Latvia has found additional funds for defense in next year's budget mainly through increased national debt rather than through budget cuts, stated the Fiscal Discipline Council (FDC) in its assessment of the draft state budget for 2026 prepared by the Ministry of Finance and the medium-term budget framework for 2026-2028.
The FDC acknowledges that the budget draft complies with the budgetary conditions of both the European Union (EU) and national fiscal conditions, but has taken the easy route - increasing defense funding through rising debt.
In its report, the FDC urges the government to set more ambitious targets for reducing expenditures and to find a structural, sustainable solution for timely funding of defense expenses, so that it does not rely on increasing debt.
The Council notes that the budget draft has been prepared at a time when geopolitical tensions in the region continue to rise, and spending on national security and defense has become an absolute priority. In July 2025, the EU Council activated a provision of the Stability and Growth Pact allowing states, including Latvia, to temporarily deviate from fiscal discipline rules by increasing defense spending.
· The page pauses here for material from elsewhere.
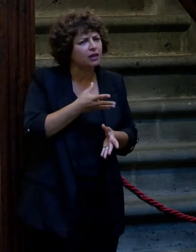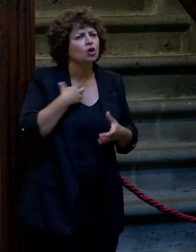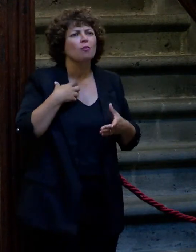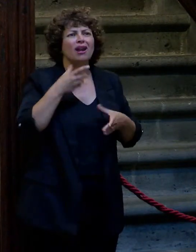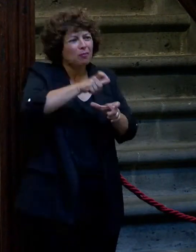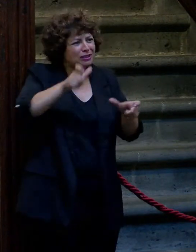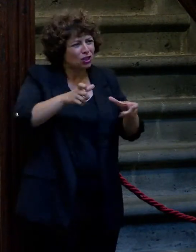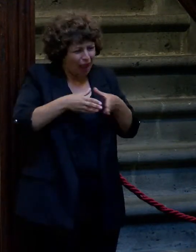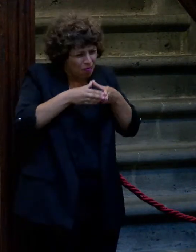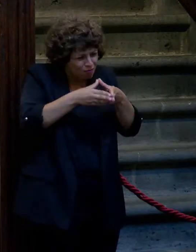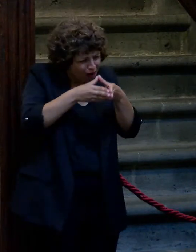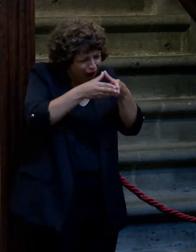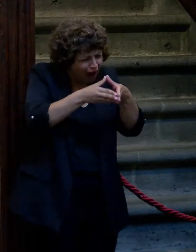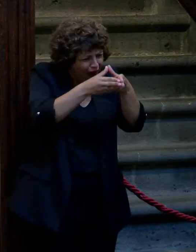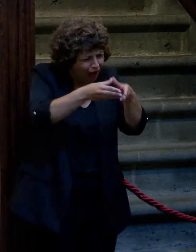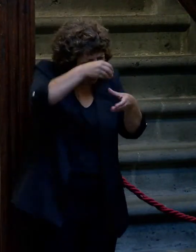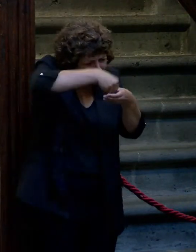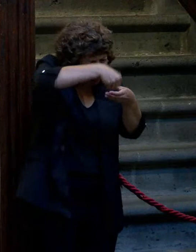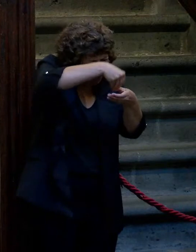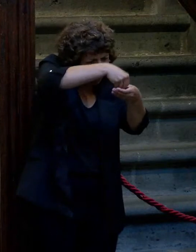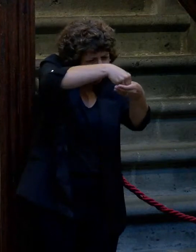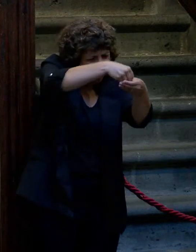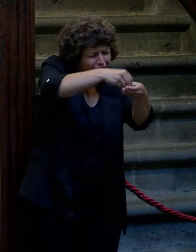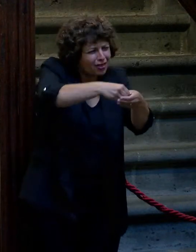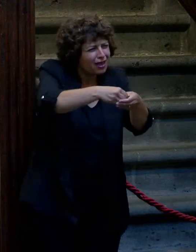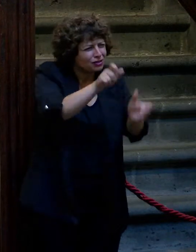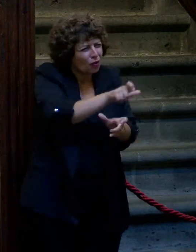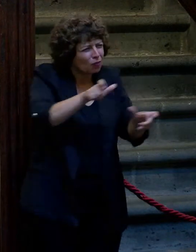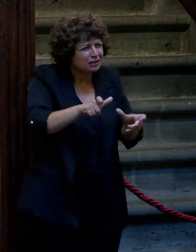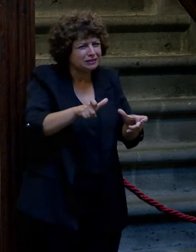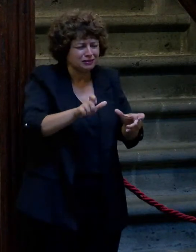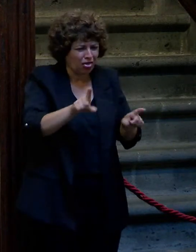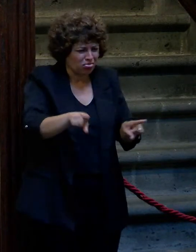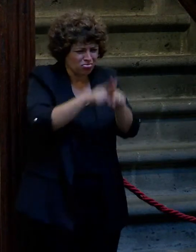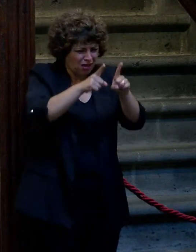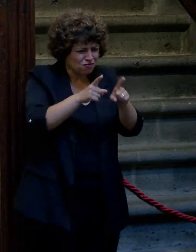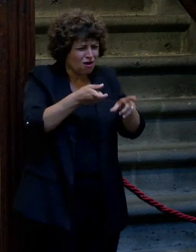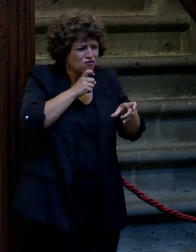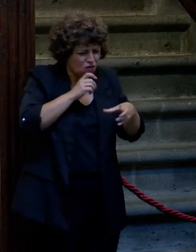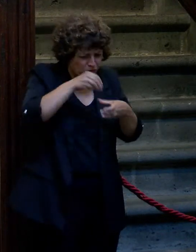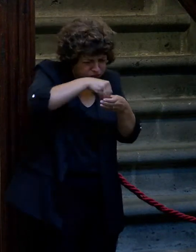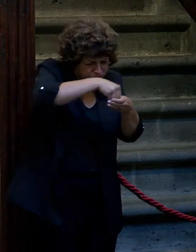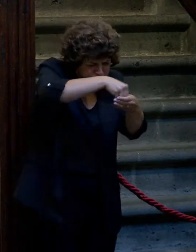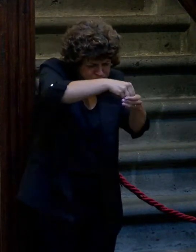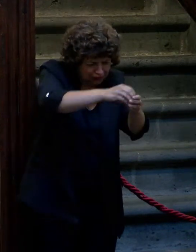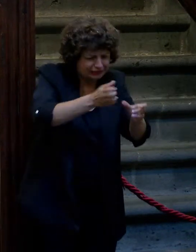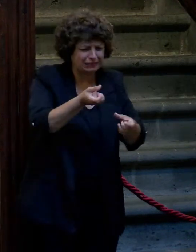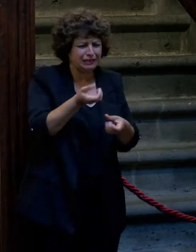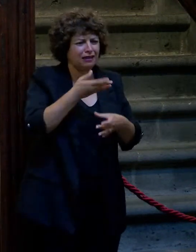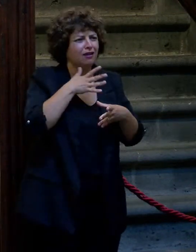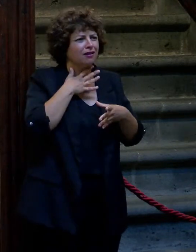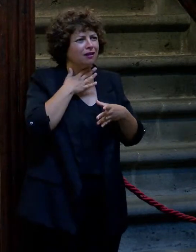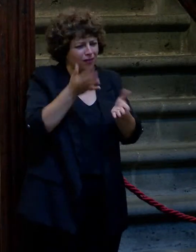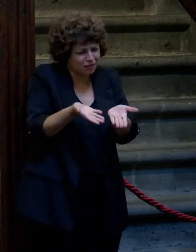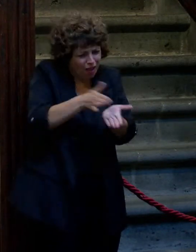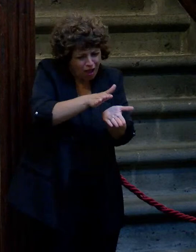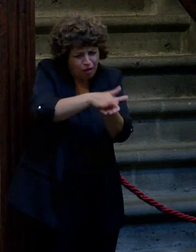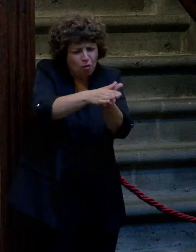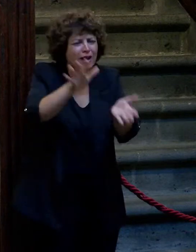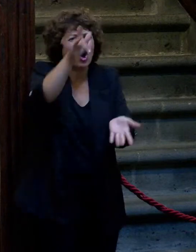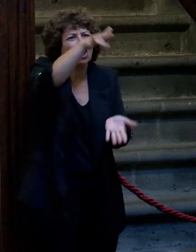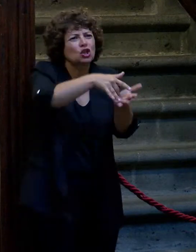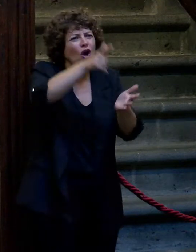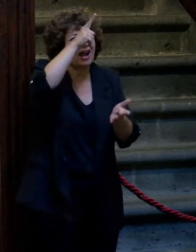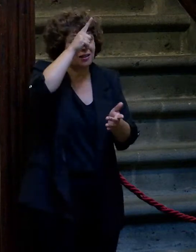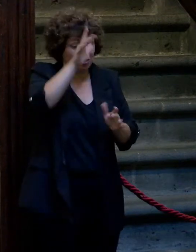pateras. No vienen porque quieren. No importa si se ahogan o no se ahogan. No importa si llegan a Alemania o al lugar deseado. Lo que sí saben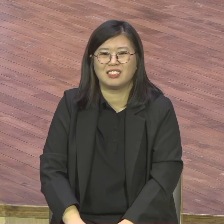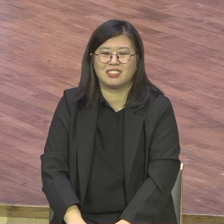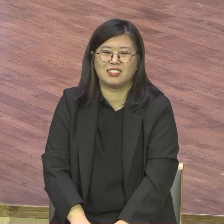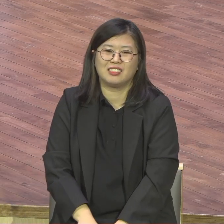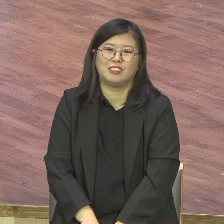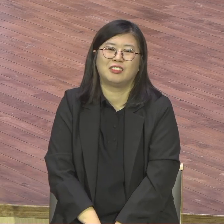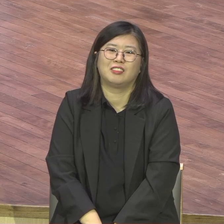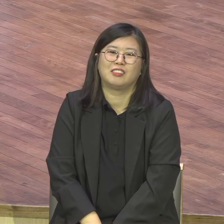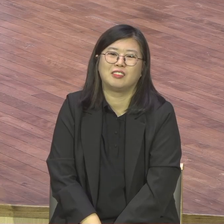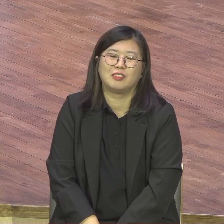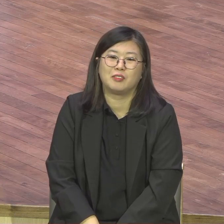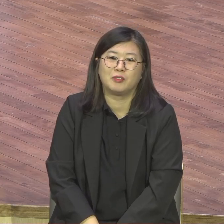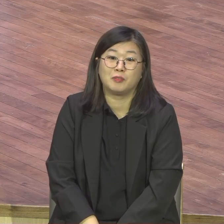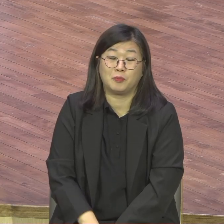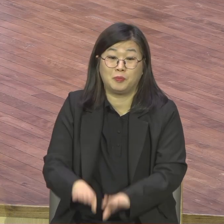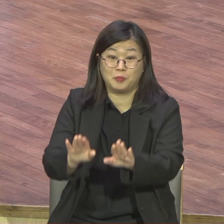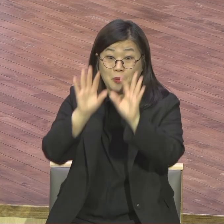해븐니 탈렌트

However, the FDC points out the growing burden of national debt and interest payments, which may limit budget flexibility and jeopardize future fiscal sustainability after 2029, especially if economic growth is slower than projected.
For this reason, the FDC believes it is necessary to find a structural and sustainable solution to the issue of funding defense expenditures as soon as possible, as otherwise it will be impossible to simultaneously ensure a reduction or maintenance of national debt at a sustainable level, uphold commitments to defense spending, and continue to support budget-funded sectors, including healthcare and education.
The FDC notes that Latvia's total national debt is projected to be 49% of gross domestic product (GDP) in 2025, and in the medium term, without additional measures and with the economy developing at the same pace, it will increase to 51% of GDP in 2026 and 55% of GDP in 2027 and 2028.
A significant increase in interest payments is projected, which will limit the fiscal space for funding other important initiatives for the country, emphasizes the FDC. Although Latvia currently complies with the debt threshold of 60% of GDP, the fiscal burden will grow and will require an increasingly stringent approach to reducing expenditures and increasing revenues through improved tax collection.